### ACTION ITEM
While you copy the lines below, skip the pictures and keep the rest exact.

Saved data entries:
****

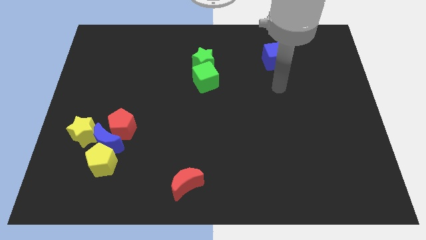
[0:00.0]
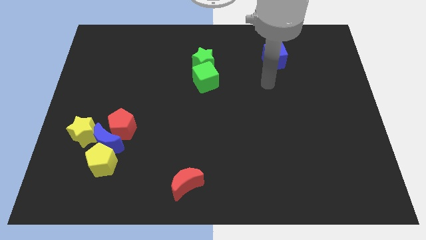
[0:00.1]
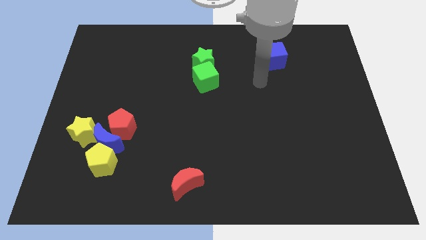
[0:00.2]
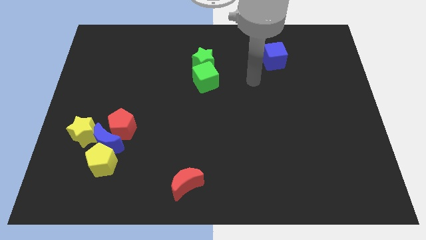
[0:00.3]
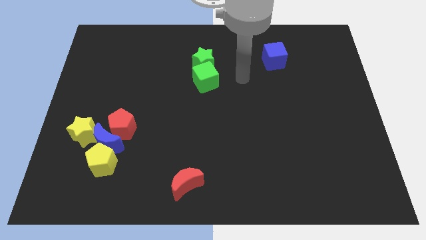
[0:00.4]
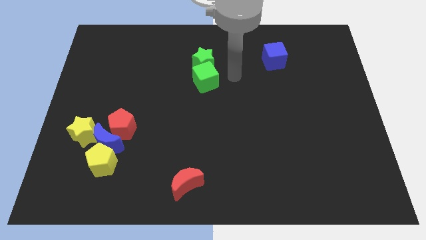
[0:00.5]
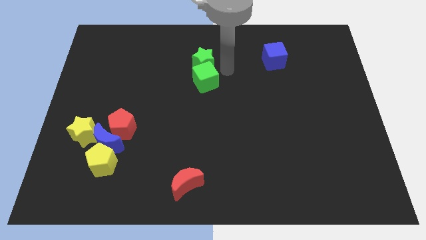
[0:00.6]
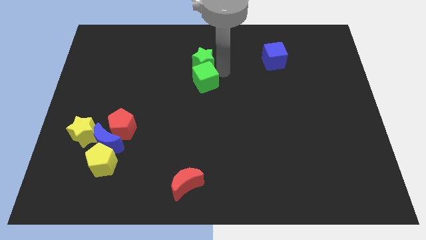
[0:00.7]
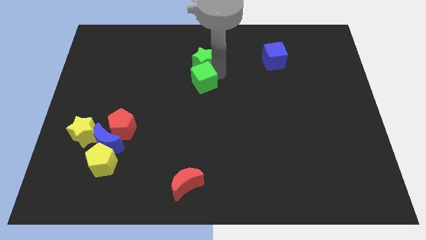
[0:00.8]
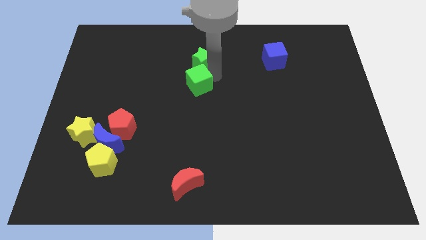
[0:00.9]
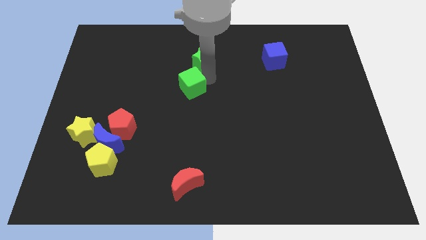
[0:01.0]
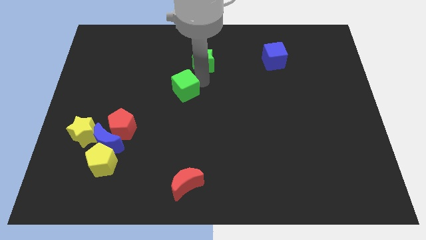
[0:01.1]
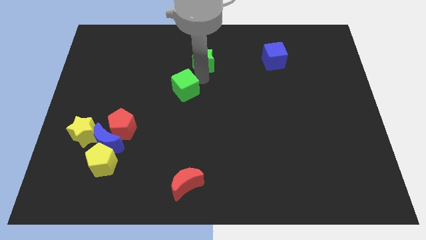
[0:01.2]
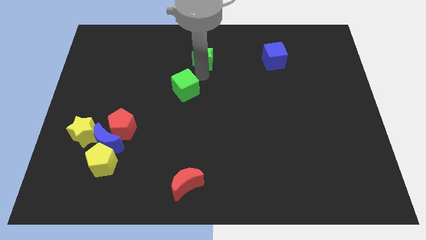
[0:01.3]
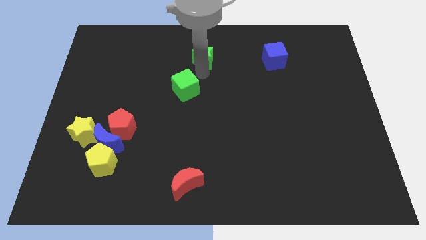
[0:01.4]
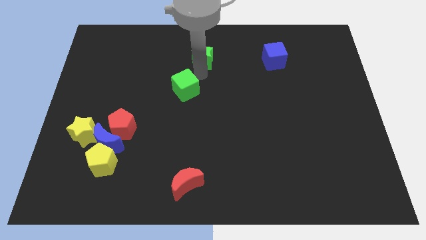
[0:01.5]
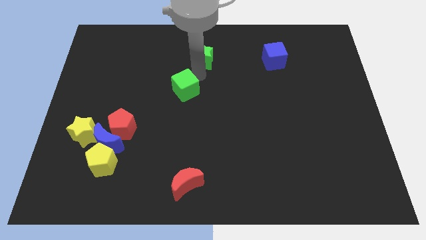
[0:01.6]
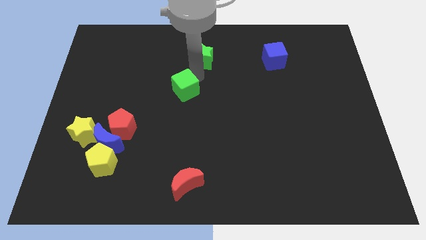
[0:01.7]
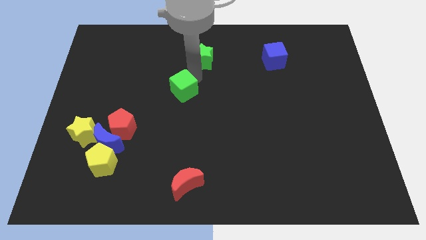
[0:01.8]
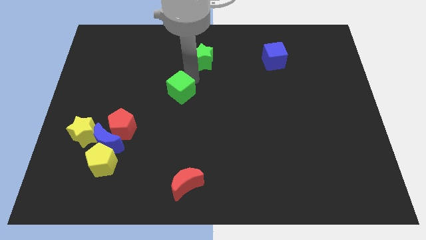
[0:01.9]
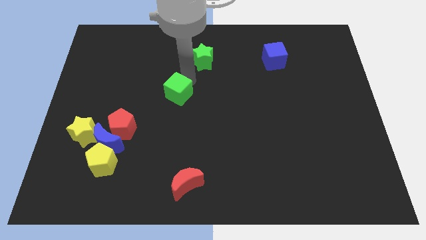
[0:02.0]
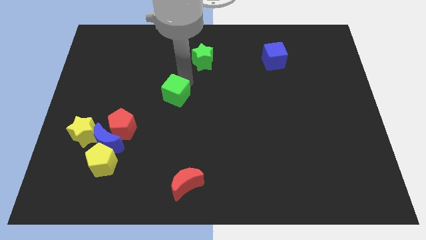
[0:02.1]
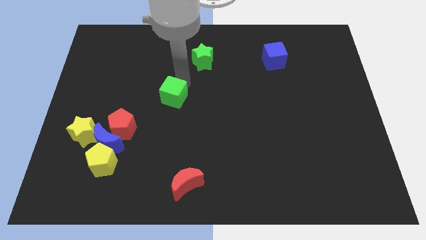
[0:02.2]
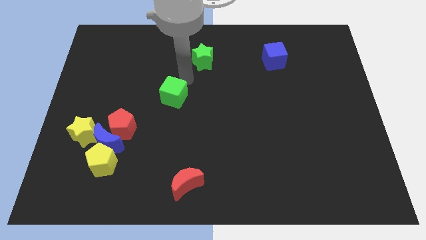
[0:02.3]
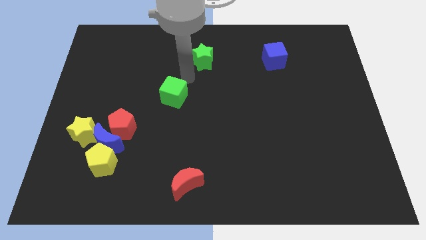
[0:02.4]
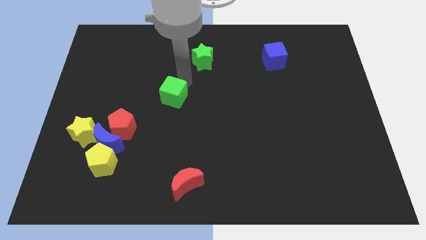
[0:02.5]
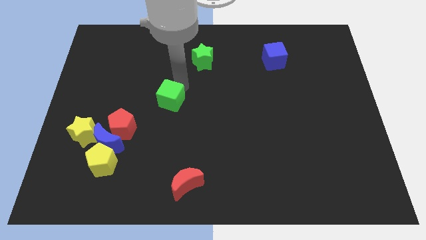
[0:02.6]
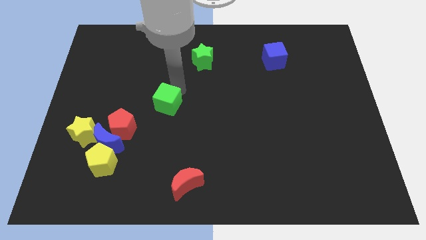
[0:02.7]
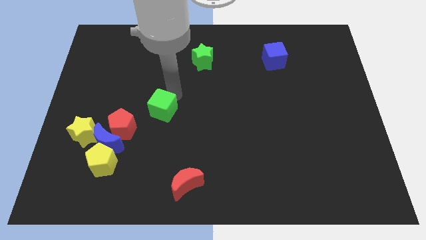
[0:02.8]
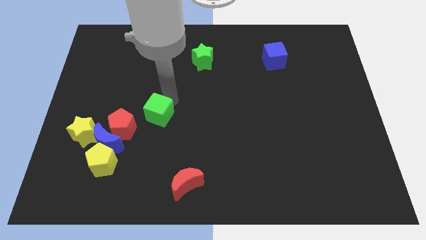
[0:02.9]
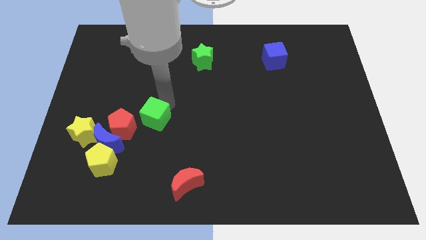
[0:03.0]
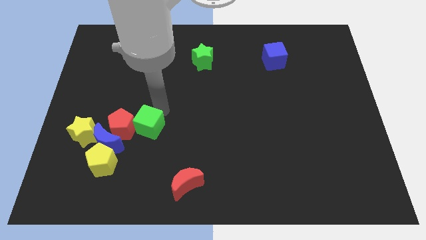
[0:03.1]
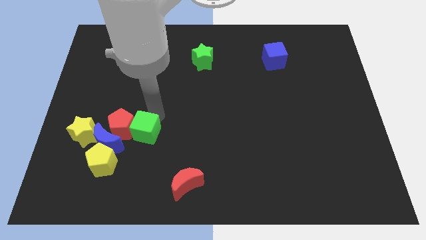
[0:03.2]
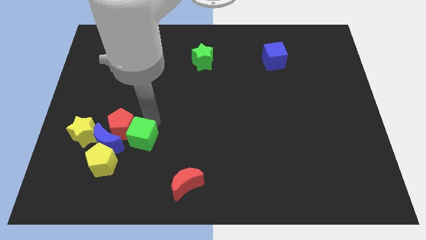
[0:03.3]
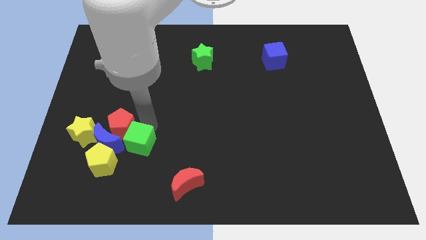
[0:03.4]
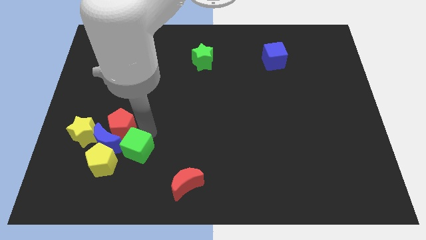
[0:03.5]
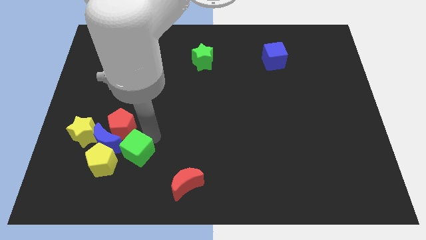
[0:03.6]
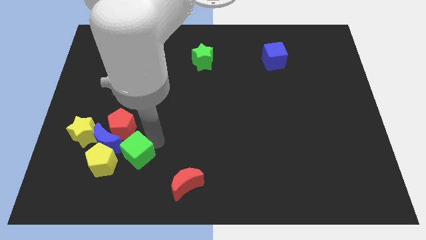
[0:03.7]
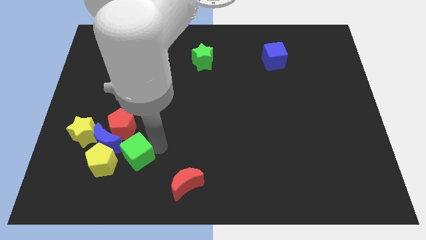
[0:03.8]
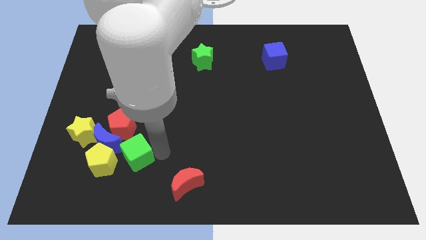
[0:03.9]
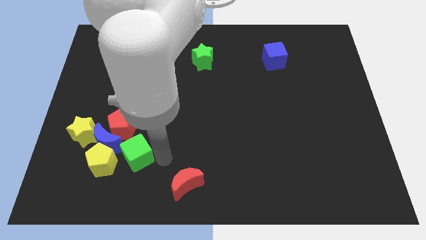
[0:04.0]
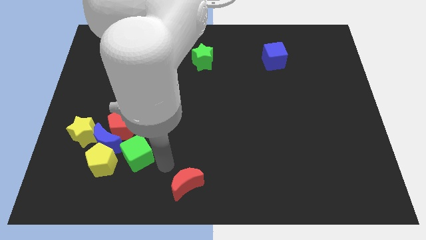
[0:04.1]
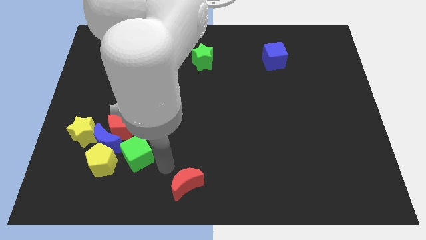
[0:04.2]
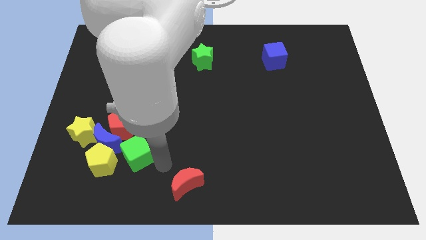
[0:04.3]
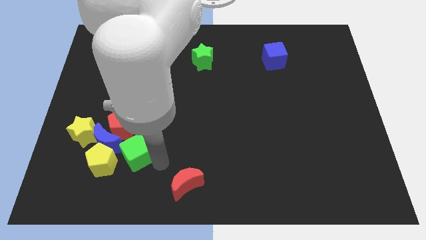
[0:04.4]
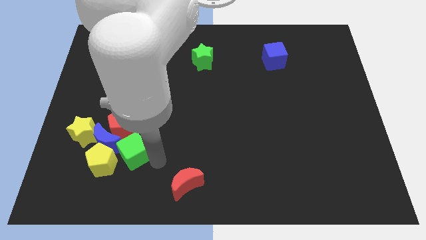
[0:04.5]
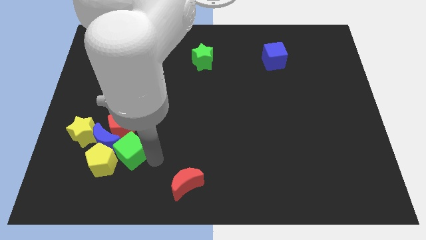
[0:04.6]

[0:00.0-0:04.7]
move the green cube next to the blue moon

****

### TASK RESPONSE
[0:00.0]
[0:00.1]
[0:00.2]
[0:00.3]
[0:00.4]
[0:00.5]
[0:00.6]
[0:00.7]
[0:00.8]
[0:00.9]
[0:01.0]
[0:01.1]
[0:01.2]
[0:01.3]
[0:01.4]
[0:01.5]
[0:01.6]
[0:01.7]
[0:01.8]
[0:01.9]
[0:02.0]
[0:02.1]
[0:02.2]
[0:02.3]
[0:02.4]
[0:02.5]
[0:02.6]
[0:02.7]
[0:02.8]
[0:02.9]
[0:03.0]
[0:03.1]
[0:03.2]
[0:03.3]
[0:03.4]
[0:03.5]
[0:03.6]
[0:03.7]
[0:03.8]
[0:03.9]
[0:04.0]
[0:04.1]
[0:04.2]
[0:04.3]
[0:04.4]
[0:04.5]
[0:04.6]

[0:00.0-0:04.7]
move the green cube next to the blue moon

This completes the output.